Collected data entries
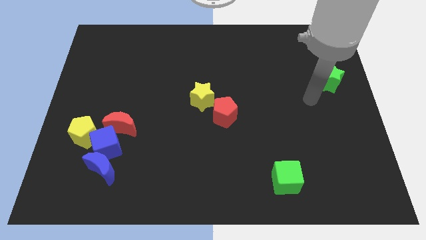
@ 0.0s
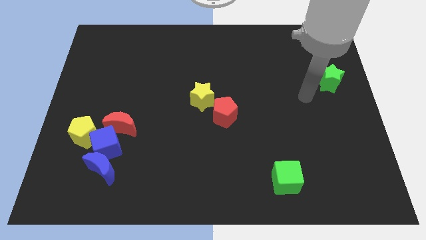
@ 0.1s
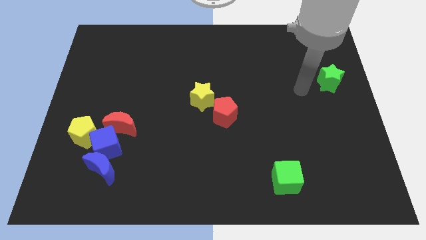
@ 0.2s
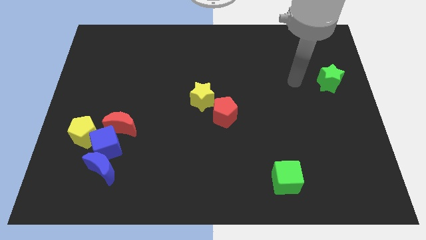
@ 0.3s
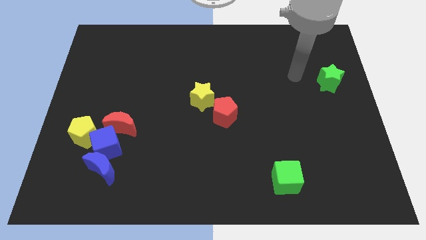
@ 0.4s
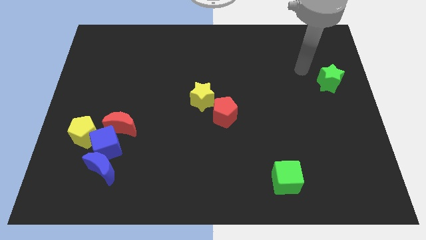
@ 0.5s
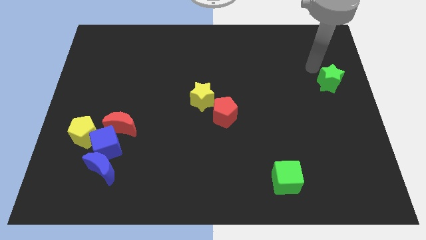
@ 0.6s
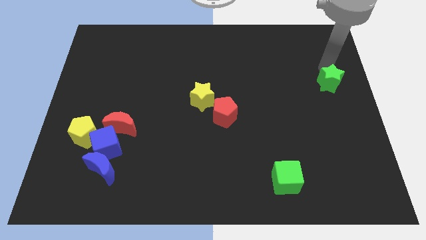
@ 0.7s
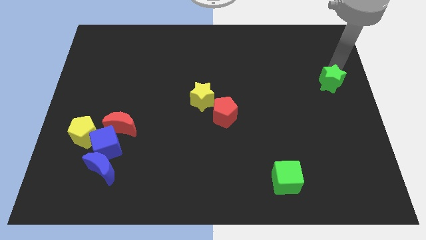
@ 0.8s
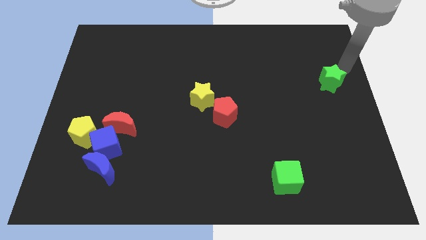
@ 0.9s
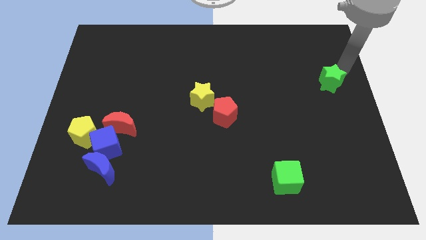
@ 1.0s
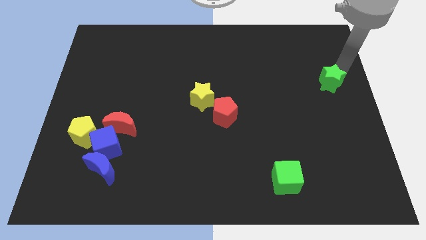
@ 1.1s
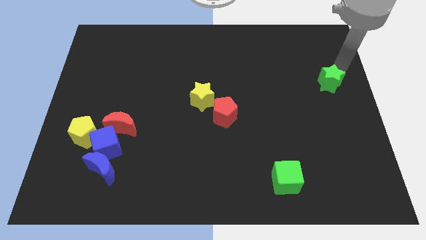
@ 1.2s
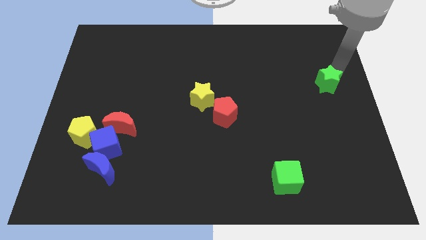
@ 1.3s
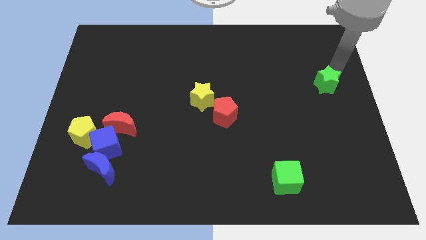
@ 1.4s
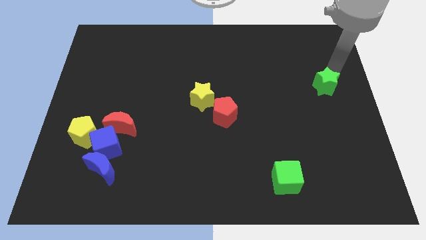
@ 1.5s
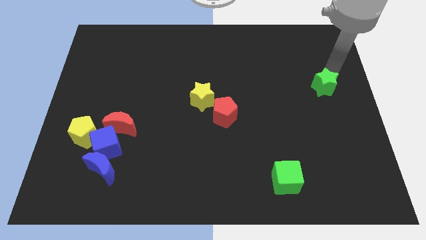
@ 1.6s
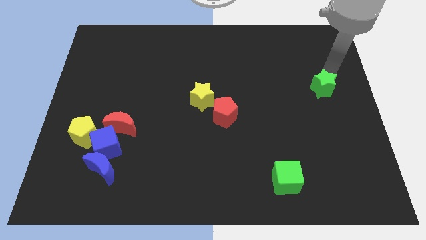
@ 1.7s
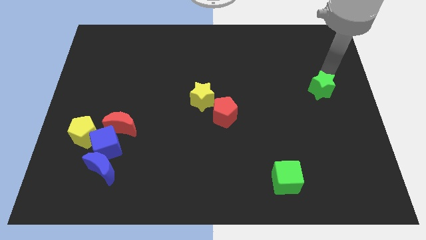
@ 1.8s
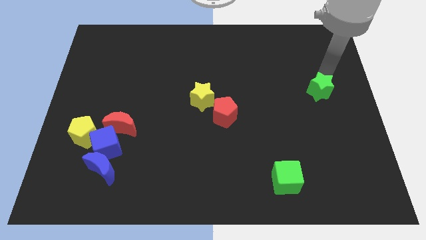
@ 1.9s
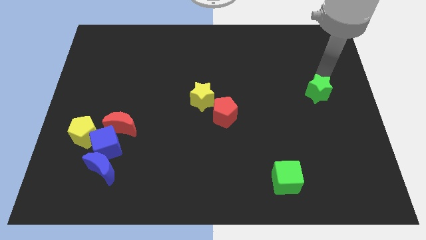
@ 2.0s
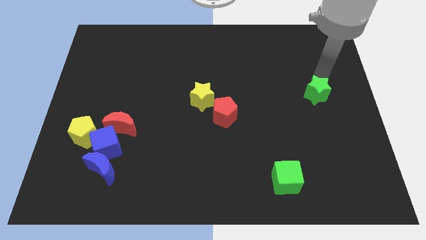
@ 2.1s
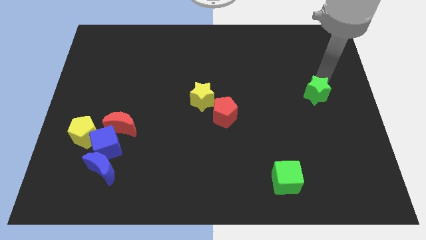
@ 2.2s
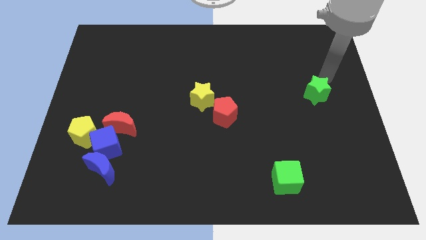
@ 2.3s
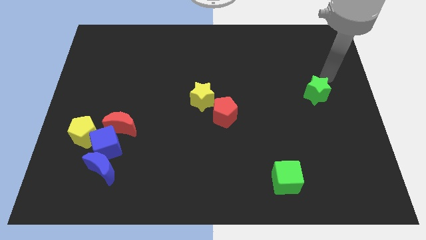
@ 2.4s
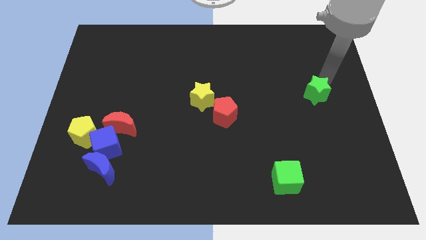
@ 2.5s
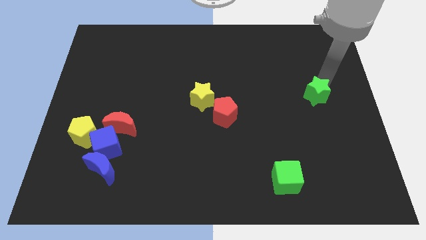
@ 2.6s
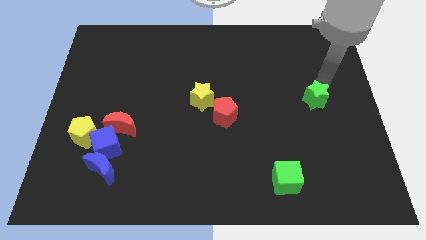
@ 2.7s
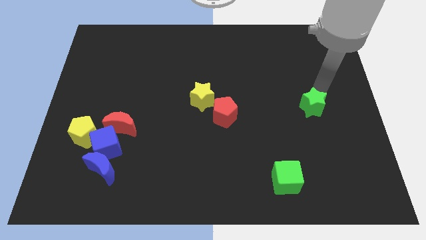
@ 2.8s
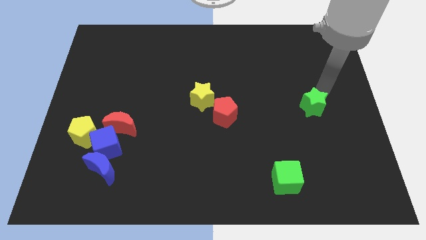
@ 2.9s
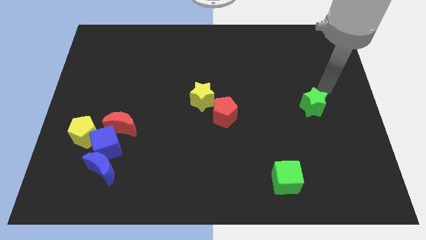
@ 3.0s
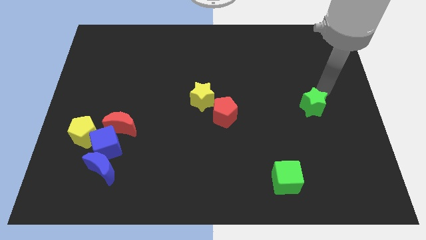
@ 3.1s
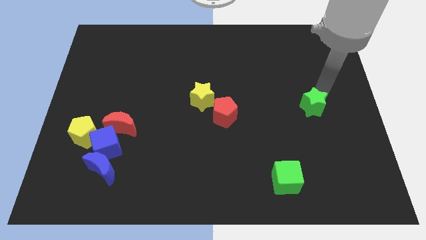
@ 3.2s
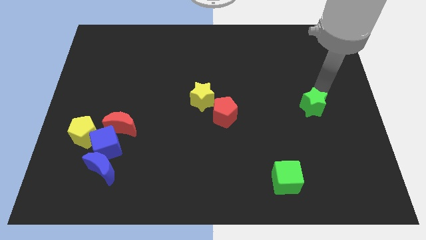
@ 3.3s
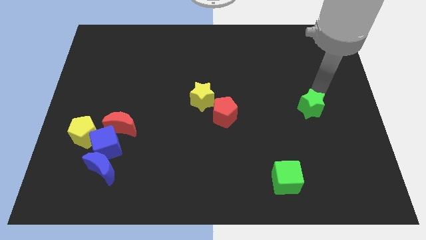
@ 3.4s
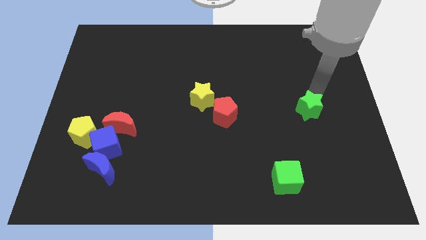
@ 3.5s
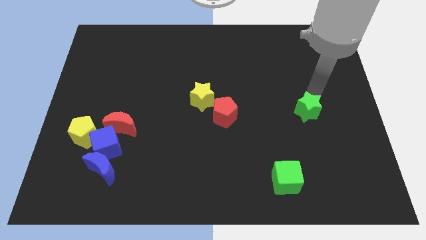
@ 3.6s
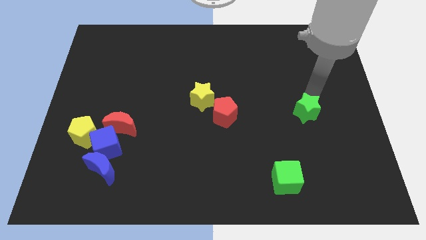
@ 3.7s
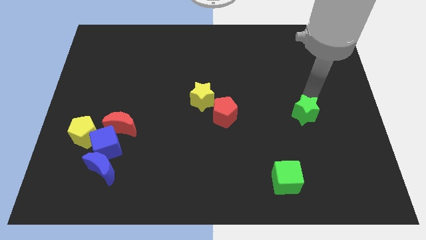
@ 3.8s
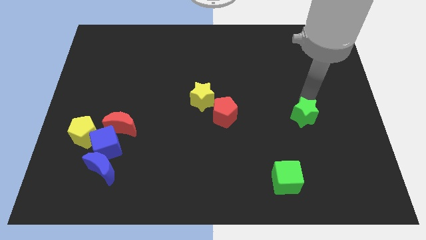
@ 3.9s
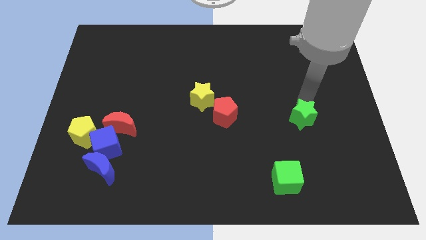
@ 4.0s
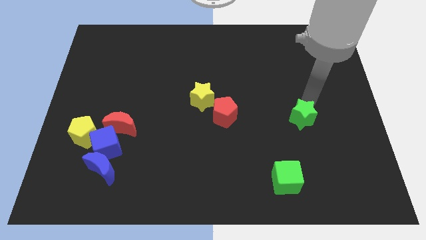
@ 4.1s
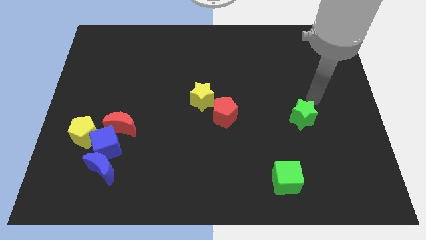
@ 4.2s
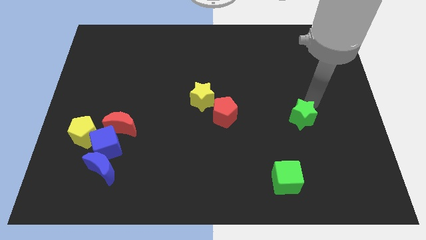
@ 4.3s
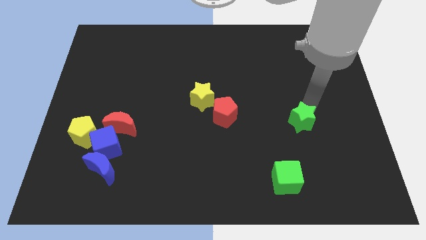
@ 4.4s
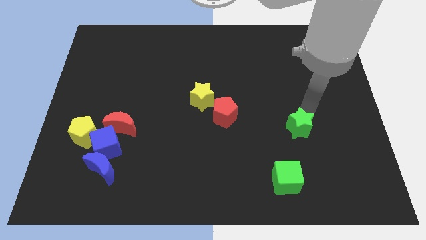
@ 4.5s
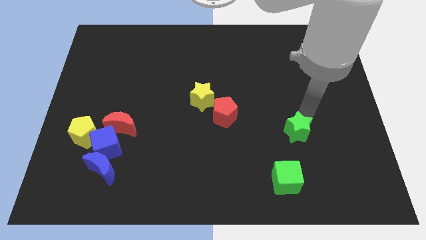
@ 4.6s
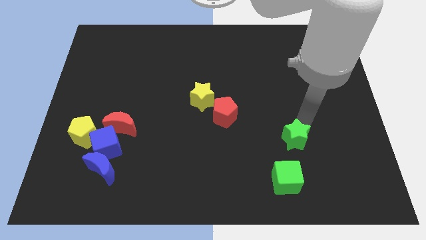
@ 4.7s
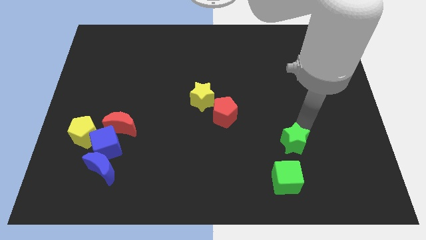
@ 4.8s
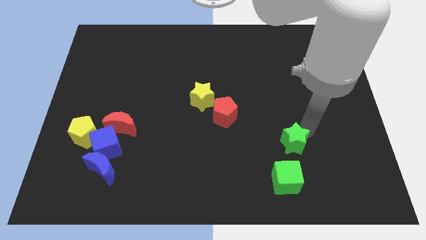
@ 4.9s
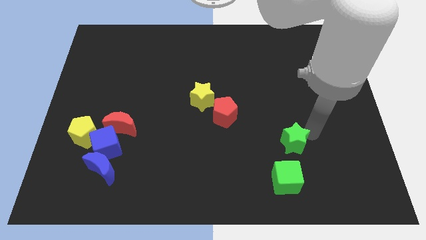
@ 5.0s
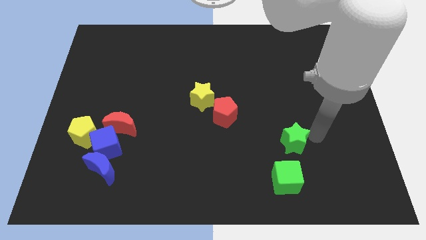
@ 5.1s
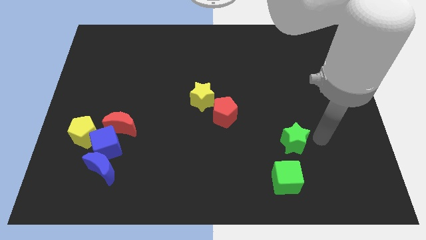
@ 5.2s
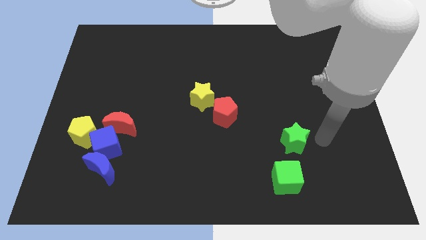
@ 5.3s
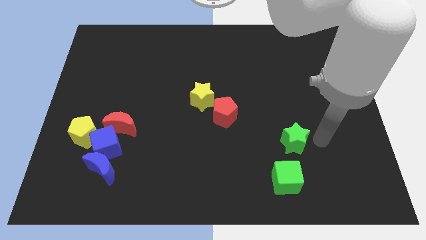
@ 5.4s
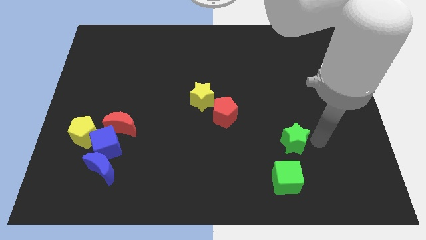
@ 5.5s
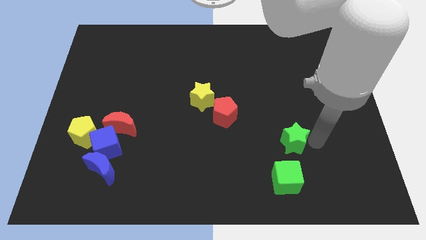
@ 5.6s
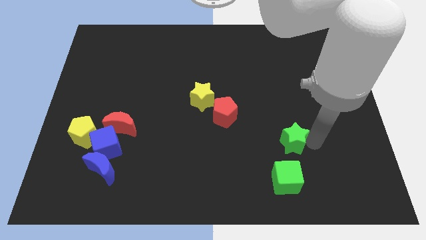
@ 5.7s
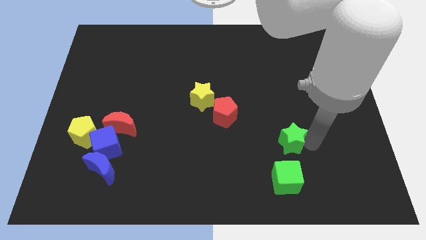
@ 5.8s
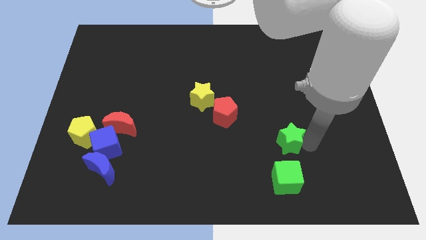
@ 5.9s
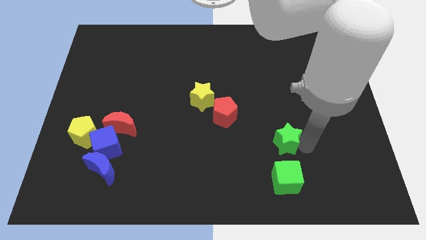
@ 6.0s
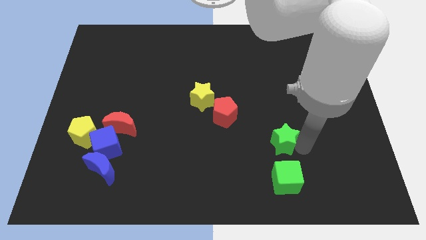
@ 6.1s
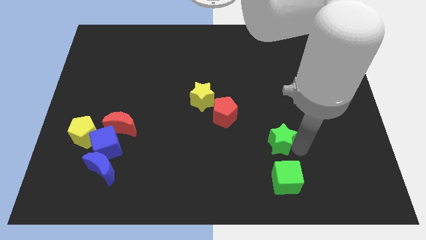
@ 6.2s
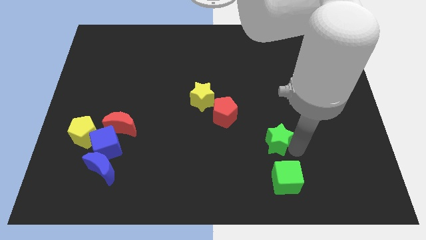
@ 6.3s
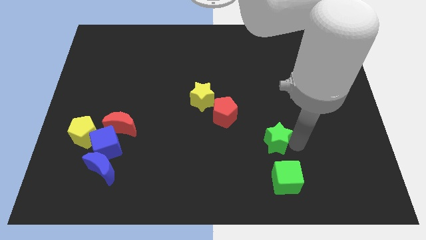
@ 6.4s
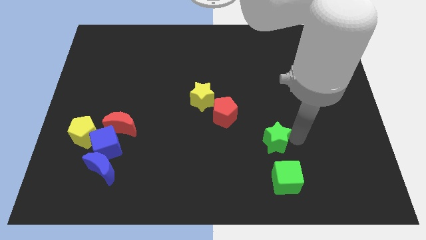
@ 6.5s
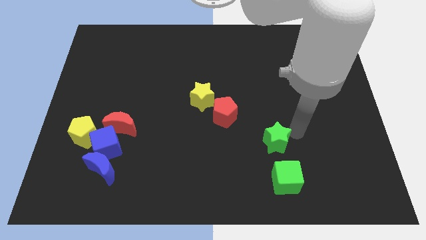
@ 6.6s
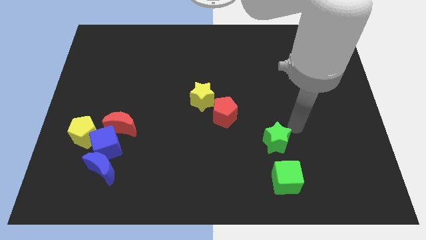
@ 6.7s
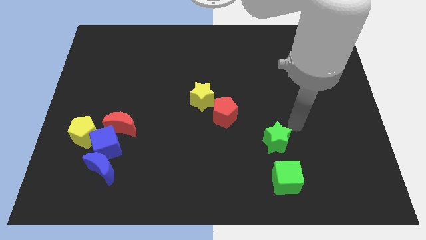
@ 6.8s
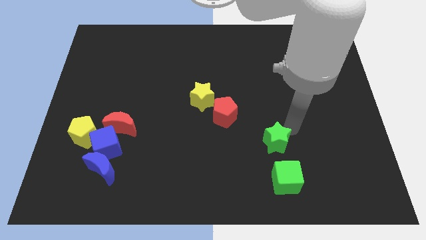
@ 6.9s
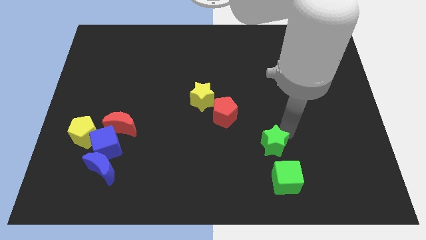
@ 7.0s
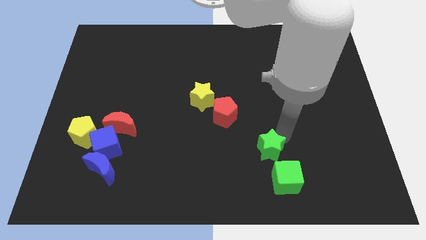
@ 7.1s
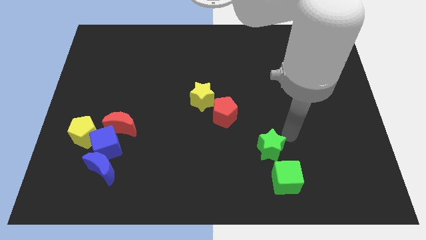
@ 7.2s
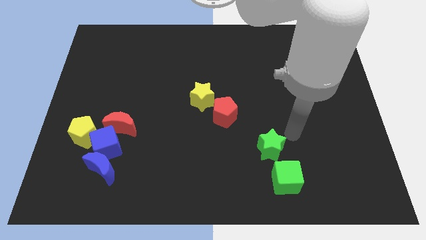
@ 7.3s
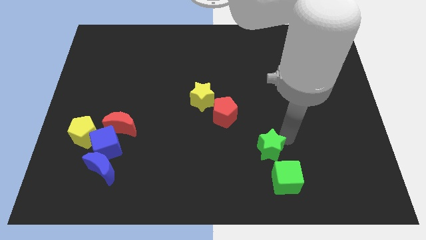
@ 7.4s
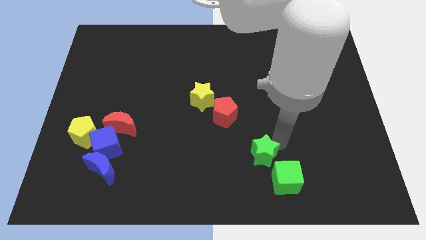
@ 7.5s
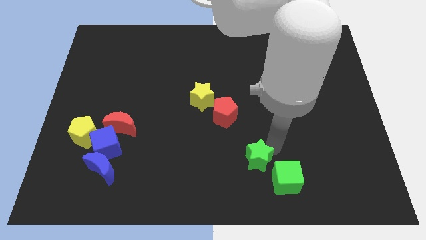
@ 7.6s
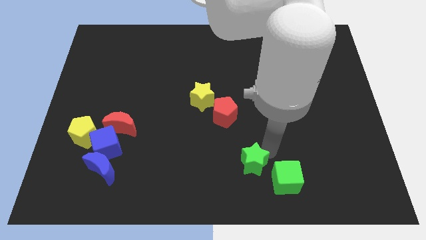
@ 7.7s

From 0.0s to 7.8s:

▶ **TASK ITEM**: Reproduce every line above as written, skipping pictures.

▶ **TASK RESULT**:
@ 0.0s
@ 0.1s
@ 0.2s
@ 0.3s
@ 0.4s
@ 0.5s
@ 0.6s
@ 0.7s
@ 0.8s
@ 0.9s
@ 1.0s
@ 1.1s
@ 1.2s
@ 1.3s
@ 1.4s
@ 1.5s
@ 1.6s
@ 1.7s
@ 1.8s
@ 1.9s
@ 2.0s
@ 2.1s
@ 2.2s
@ 2.3s
@ 2.4s
@ 2.5s
@ 2.6s
@ 2.7s
@ 2.8s
@ 2.9s
@ 3.0s
@ 3.1s
@ 3.2s
@ 3.3s
@ 3.4s
@ 3.5s
@ 3.6s
@ 3.7s
@ 3.8s
@ 3.9s
@ 4.0s
@ 4.1s
@ 4.2s
@ 4.3s
@ 4.4s
@ 4.5s
@ 4.6s
@ 4.7s
@ 4.8s
@ 4.9s
@ 5.0s
@ 5.1s
@ 5.2s
@ 5.3s
@ 5.4s
@ 5.5s
@ 5.6s
@ 5.7s
@ 5.8s
@ 5.9s
@ 6.0s
@ 6.1s
@ 6.2s
@ 6.3s
@ 6.4s
@ 6.5s
@ 6.6s
@ 6.7s
@ 6.8s
@ 6.9s
@ 7.0s
@ 7.1s
@ 7.2s
@ 7.3s
@ 7.4s
@ 7.5s
@ 7.6s
@ 7.7s

From 0.0s to 7.8s:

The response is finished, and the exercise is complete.